Различны области приложения.

Но одинаковы степени.

Различна природа достигнутых эффектов.

Но одинаковы «формулы» в основе этих наивысших ступеней проявления, независимо от самих областей.

Ибо в основе их лежит фундаментальная закономерность природы и мощь результатов тех процессов, которые через воспроизведение приобщаются к мощи природы. [Это] есть как бы еще [один] новый аспект мудрого образа древних об Антее, приобретающем неодолимую несокрушимость через припадающее приобщение к источнику всех сил – по мнению древних – к Земле. По нашему мнению – к сути закономерности движения и становления вселенной.

Истинные пути изобретания (1946)58

В «Александре Невском» есть обаятельный образ кольчужника Игната.
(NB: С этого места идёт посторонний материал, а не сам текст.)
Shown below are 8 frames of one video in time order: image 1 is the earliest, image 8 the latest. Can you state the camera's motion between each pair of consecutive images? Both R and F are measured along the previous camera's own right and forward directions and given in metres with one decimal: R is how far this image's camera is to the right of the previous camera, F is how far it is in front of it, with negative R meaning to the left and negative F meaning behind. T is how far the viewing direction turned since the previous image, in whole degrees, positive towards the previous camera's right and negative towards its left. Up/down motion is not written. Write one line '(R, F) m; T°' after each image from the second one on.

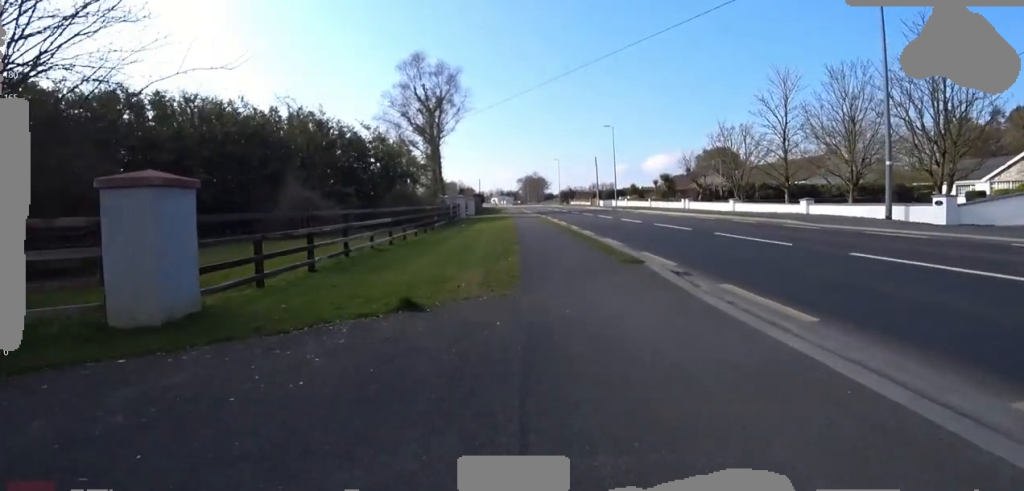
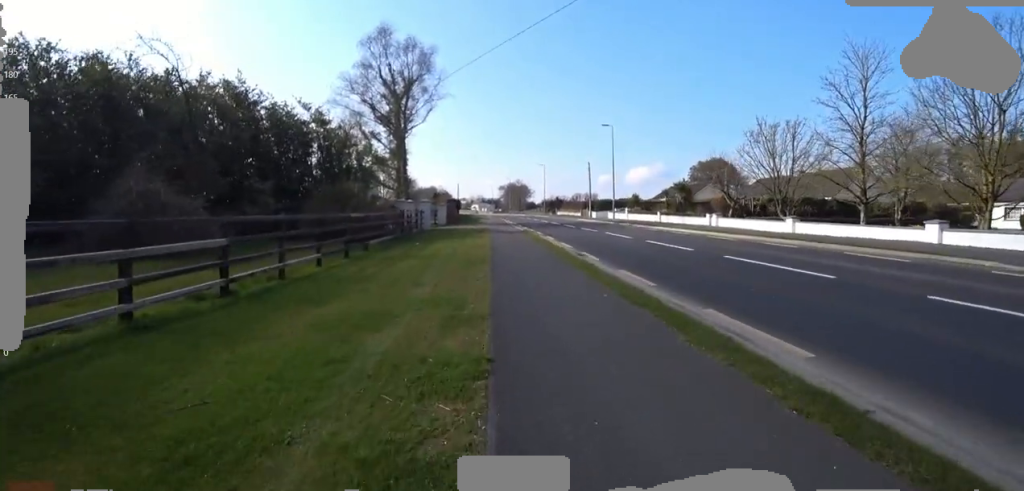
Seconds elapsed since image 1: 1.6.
(-0.5, +8.3) m; -6°
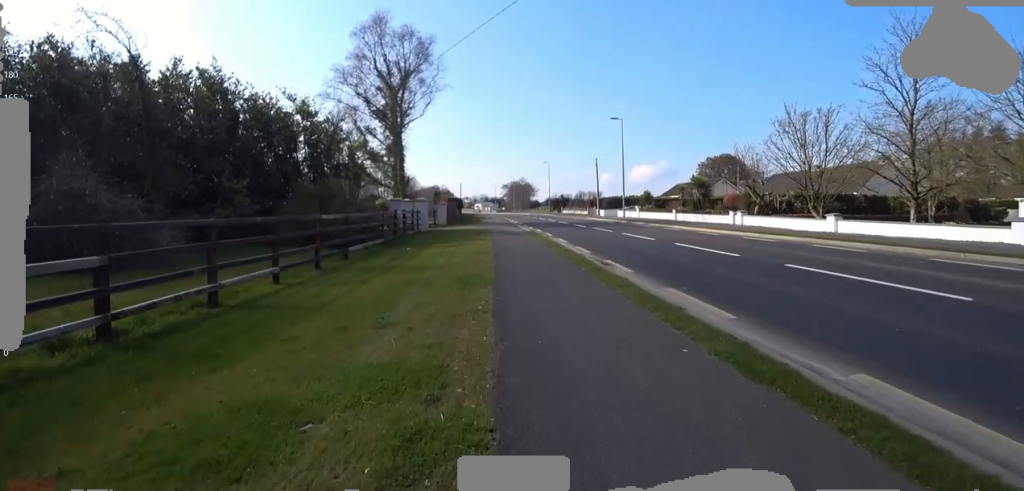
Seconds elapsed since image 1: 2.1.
(0.0, +2.5) m; -4°
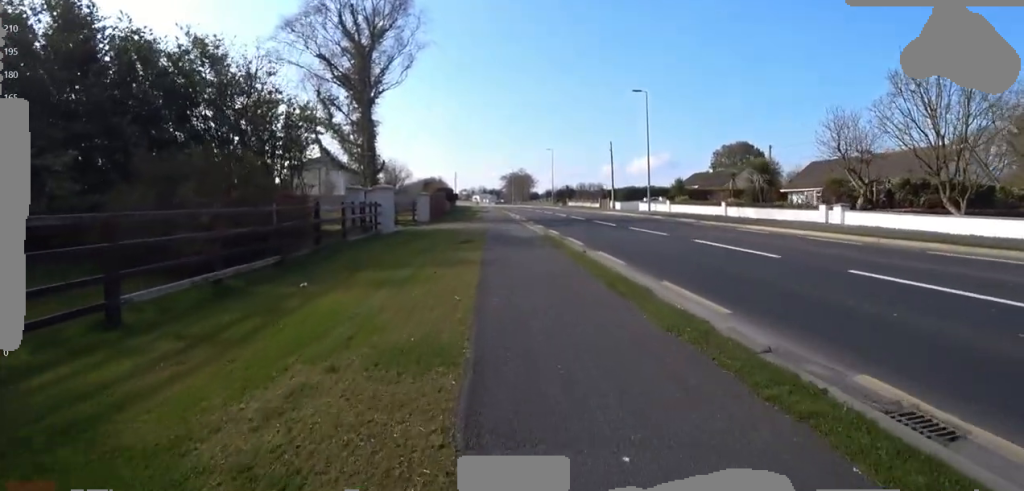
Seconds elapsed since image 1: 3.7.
(+0.1, +8.1) m; +10°
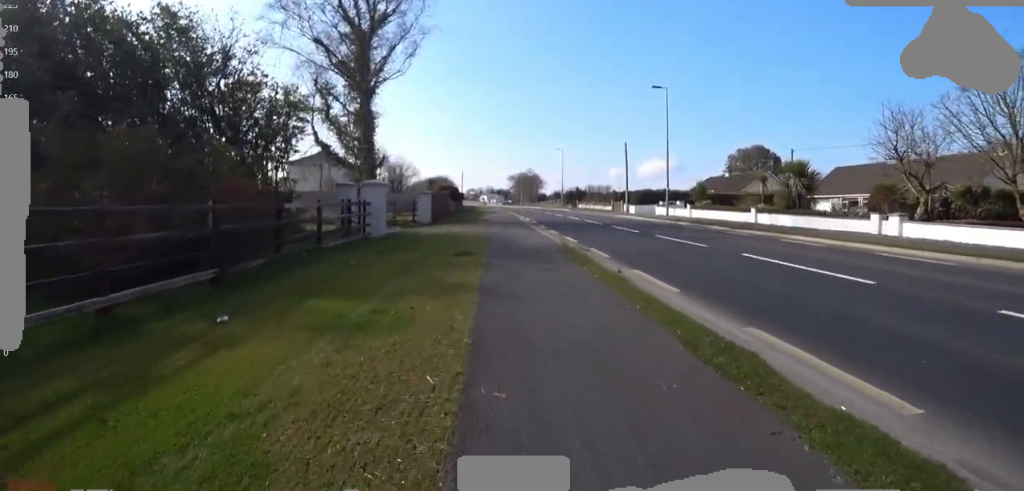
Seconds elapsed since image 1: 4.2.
(+0.5, +2.3) m; +3°
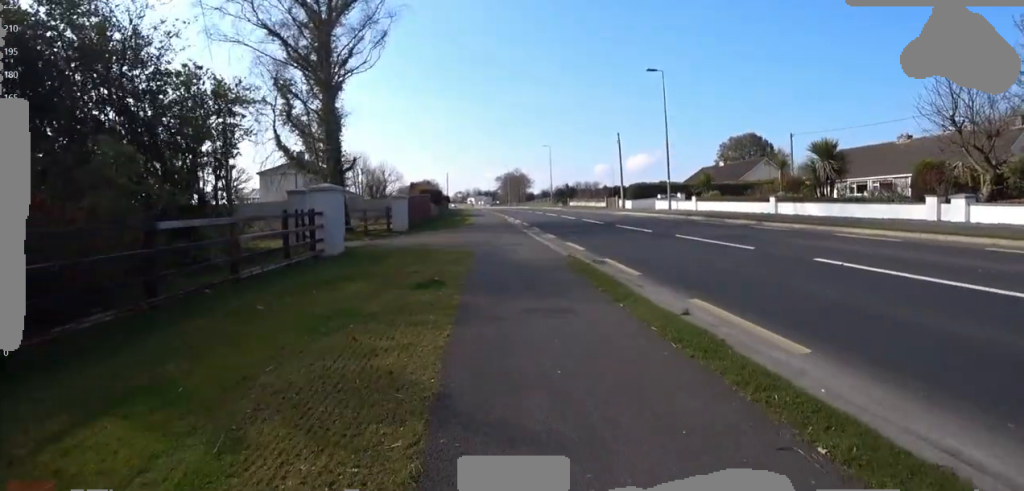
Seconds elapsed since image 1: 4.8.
(-0.2, +3.0) m; -6°
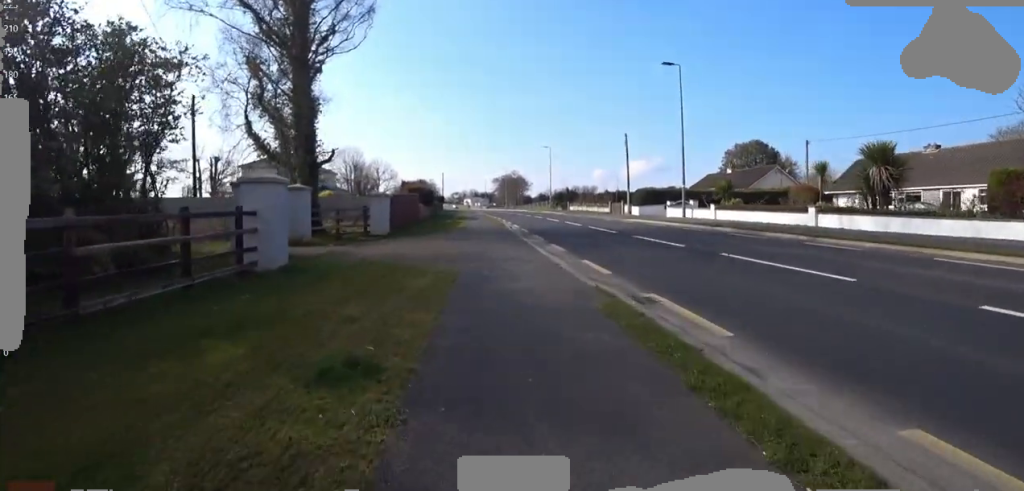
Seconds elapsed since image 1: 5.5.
(-0.2, +3.2) m; -7°
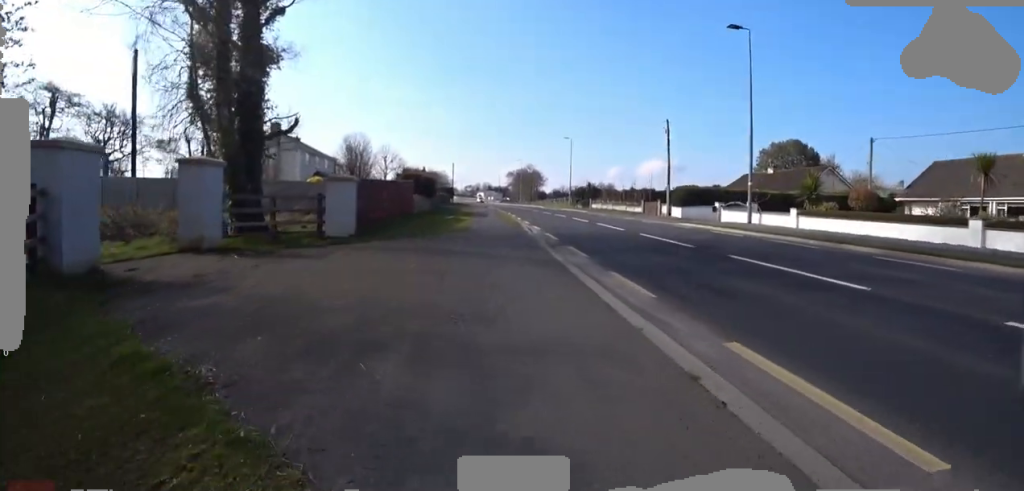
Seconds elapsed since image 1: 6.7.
(+0.2, +6.4) m; +8°

Казалось бы, так естественно было с самого начала включить этого представителя ремесленных слоев в основной узор образов, представляющих Русь XIII века в самых разнообразных аспектах.

М[ожет] б[ьпъ], по априорной «социологической схемке» такой «представитель» у нас с Павленко и значился. Не помню! Но если и да, то такой абстракцией, что я его даже и не припоминаю, что было бы уже вовсе невозможно, если бы мы имели дело с живым образом.

Так что можно его принять за несуществовавшего: либо фактически, либо «по существу», 一 если он существовал в наметках как «место, отведенное ремесленному слою».

И для обоих случаев его рождение именно таково, как я изложу.

Афина, говорят, рождена из головы Юпитера. Такова же судьба…кольчужника Игната.

С той лишь разницей, что здесь дело касается головы… Александра.

Даже не столько головы, сколько…стратегической мысли Невского.

Мне Александра непременно хочется сделать гением.

Бытовое представление о гениальности – и не без основания 一 у нас всегда связано с чем-то вроде яблока Ньютона или прыгающей крышкой чайника матери Фарадея.

Не без основания, потому что умение из частного случая вычитать общую закономерность и дальше направить ее полезное применение к разного рода отраслям и областям действительно связано с одной из черт, которая входит в сложный психический аппарат гения,

В бытовом разрезе 一 в наглядном аспекте – оно читается проще: как способность переносить заключения со случайного, маленького – на неожиданно другое и большое.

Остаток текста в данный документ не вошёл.